Isoelectrofocusing Electrophoresis: it was performed in the Center for Disease Control and Prevention of Shenzhen by the technique, which was described by Grog, and others (3,4); the technique also referred to the instruction for isoelectrofocusing system. Dry IPG gel strips were in equilibrium at room temperature for 10 minutes. Certain amount of total protein was mixed into the IPG dissolving-expanding solution, which was then well distributed into the IPG gel-stocking unit, and 250μl and 450μl of which were specifically loaded into the gel strips of 13cm and 24cm, respectively. The gel surface of the strip was placed down into the gel-stocking unit, covered by a layer of mineral oil, and then removed onto the electrode plate of IPGPhor Isoelectrofocusing Electrophoresis Device. The isoelectrofocusing was executed after swelling of the strip. The procedure of isoelectrofocusing as well as swelling was performed at 20, under the condition: 30V, 12h; 500V, 1h; 1000V, 1h; 8000V, until the product of total voltage and time amounted to 40~50kVhrs(13cm gel strip)/80~90kVhrs (24cm gel strip).

After the procedure of IEF, the IPG gel strips with the sample was removed into the equilibrium liquid, and was vibrated slowly twice, 15 minutes a time; extra equilibrium liquid was removed by filter papers.

2^nd dimensional vertical SDS-PAGE: The IPG gel strip in equilibrium was removed onto the top of the SDS gel, which was sealed by 0.5% agarose. SDS-PAGE was performed in SE600 Vertical Electrophoresis Unit (13cm gel strip) and Ettan DALIi Vertical Electrophoresis Unit (24cm gel strip), respectively, (The parameters of electrophoresis are indicated in Table 1.) until bromophenol blue reached the base line of the gel.

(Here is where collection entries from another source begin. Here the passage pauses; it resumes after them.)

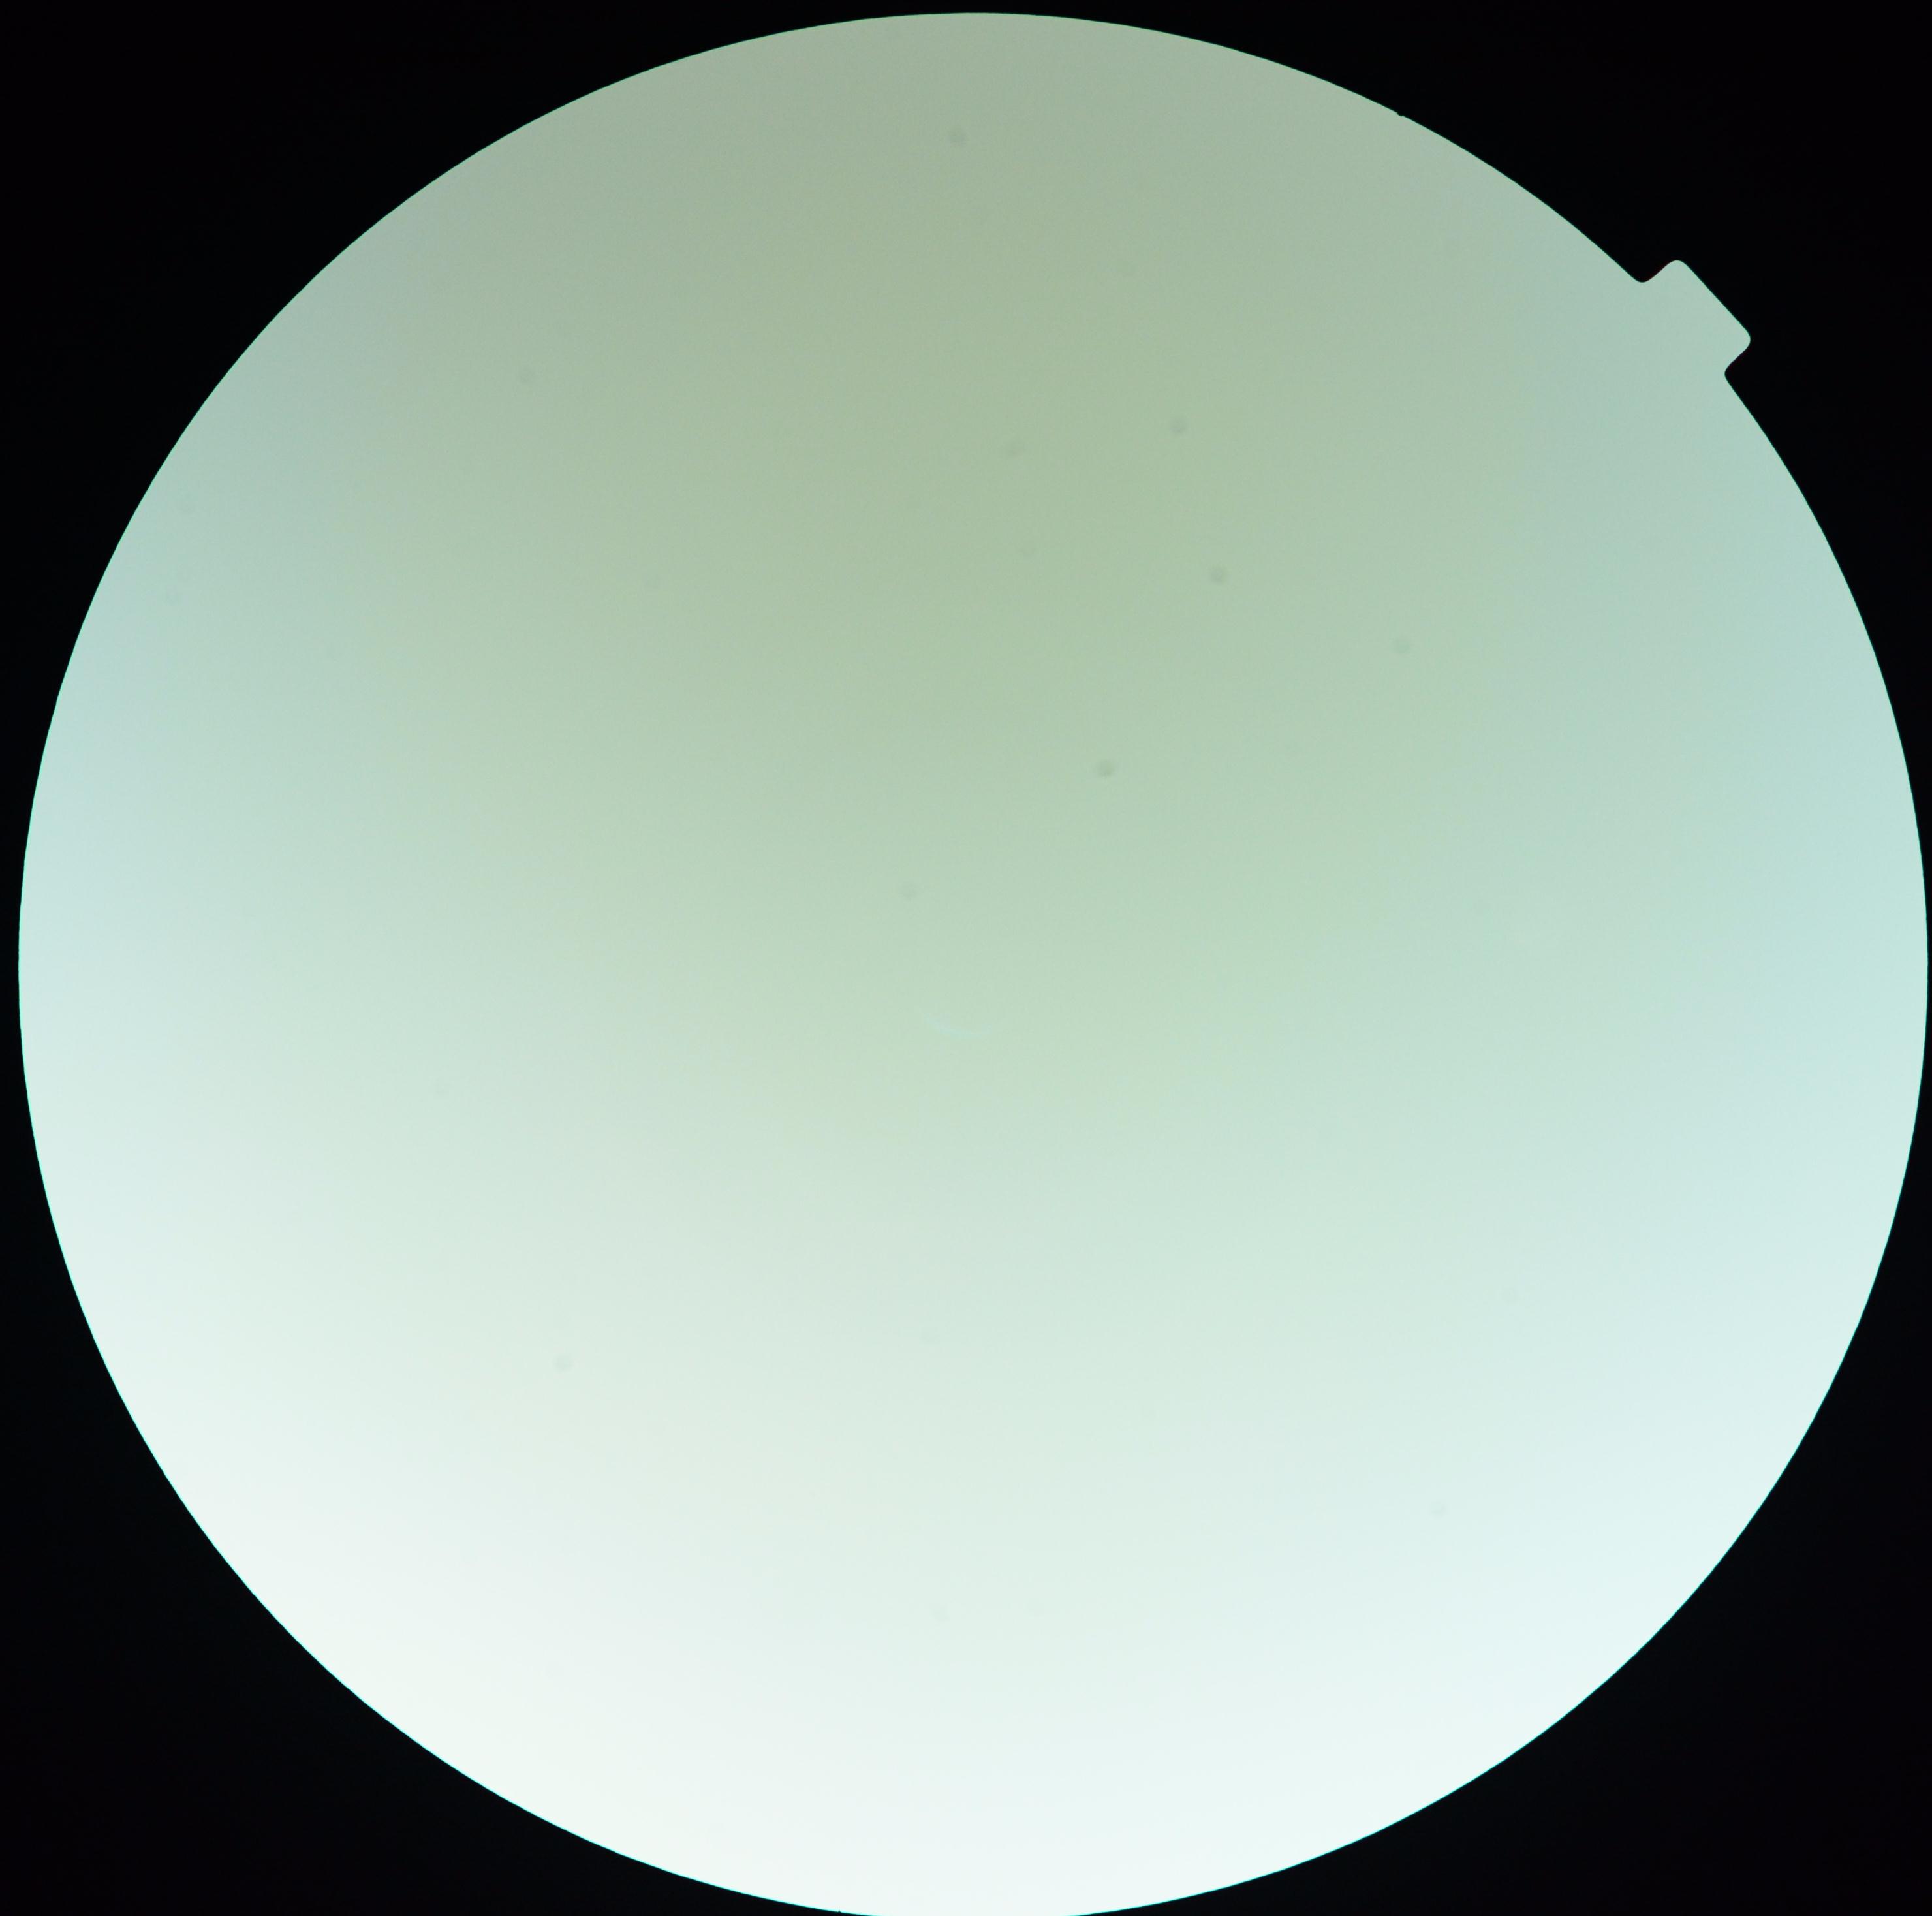
  dr_grade: ungradable due to poor image quality
  quality: insufficient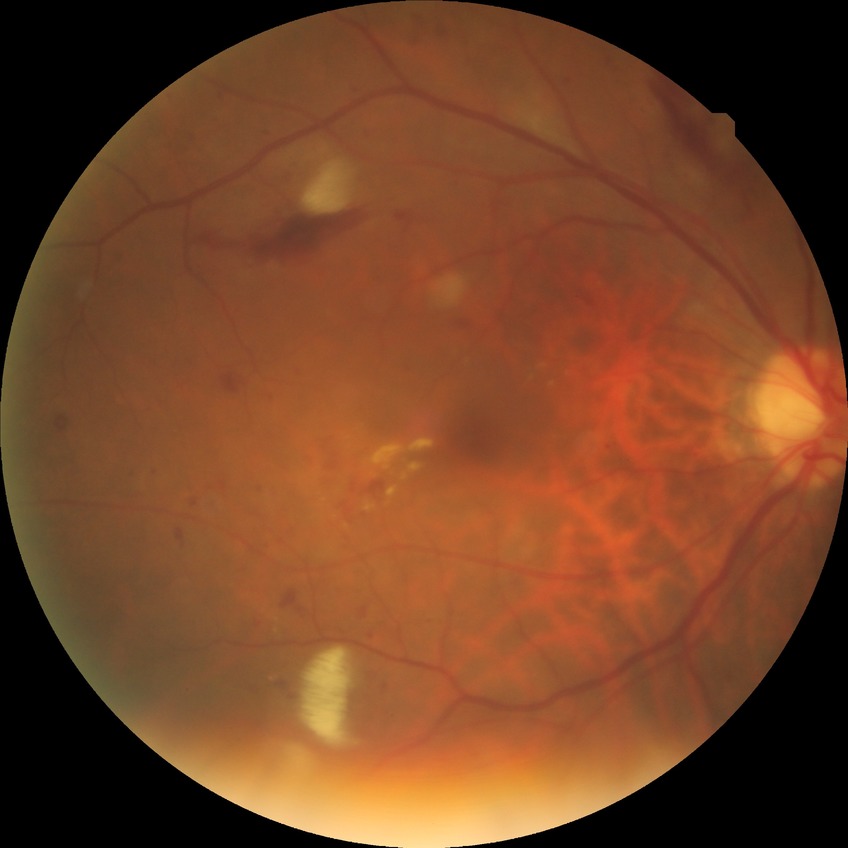 Modified Davis grade is PPDR.
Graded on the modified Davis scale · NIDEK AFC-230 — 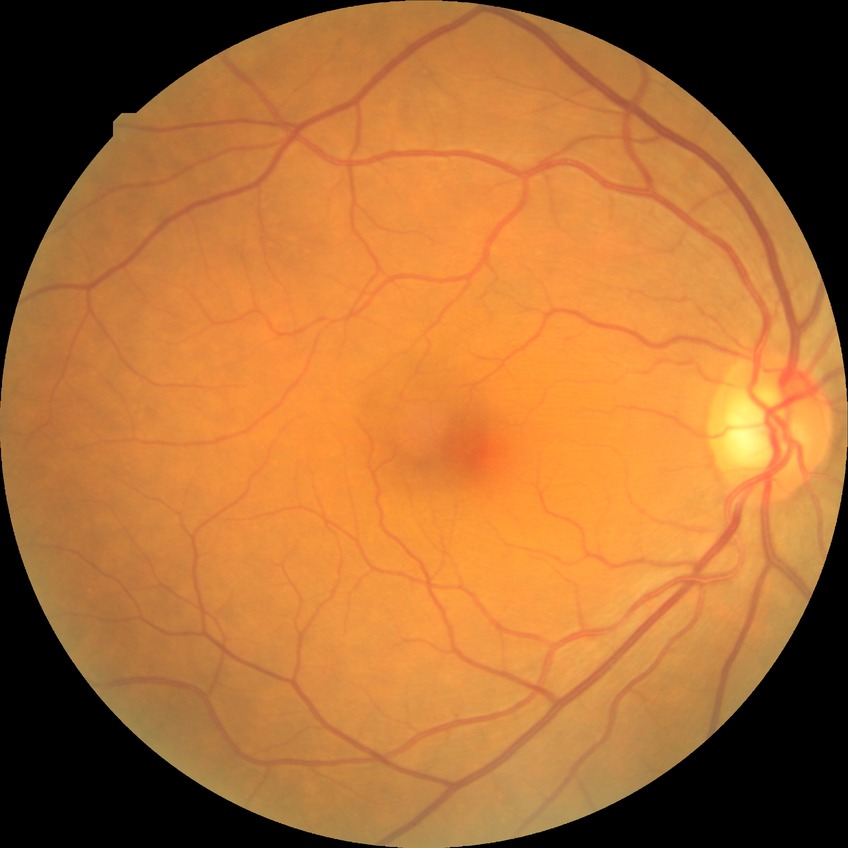 modified Davis grading=simple diabetic retinopathy.

Gel staining: The technique of silver staining, indicated in “Experimental Techniques of Protein Electrophoresis” by Guo Rao-jun (2), was executed and also revised to proper extent (5). The fixation of SDS-PAGE gel was completed, for two hours, by the fixation solution containing 25% ethanol and 10% glacial acetic acid. Then sensitization, silver staining, imaging and ending were performed consecutively; after each of these procedures, the treated gel was washed by milli Q water. After staining, using Imagescanner High-accuracy Scanner the transmission scanning of the gel was carried out, with the resolution of 300dpi. The gel was then placed into 1% acetic acid for preservation.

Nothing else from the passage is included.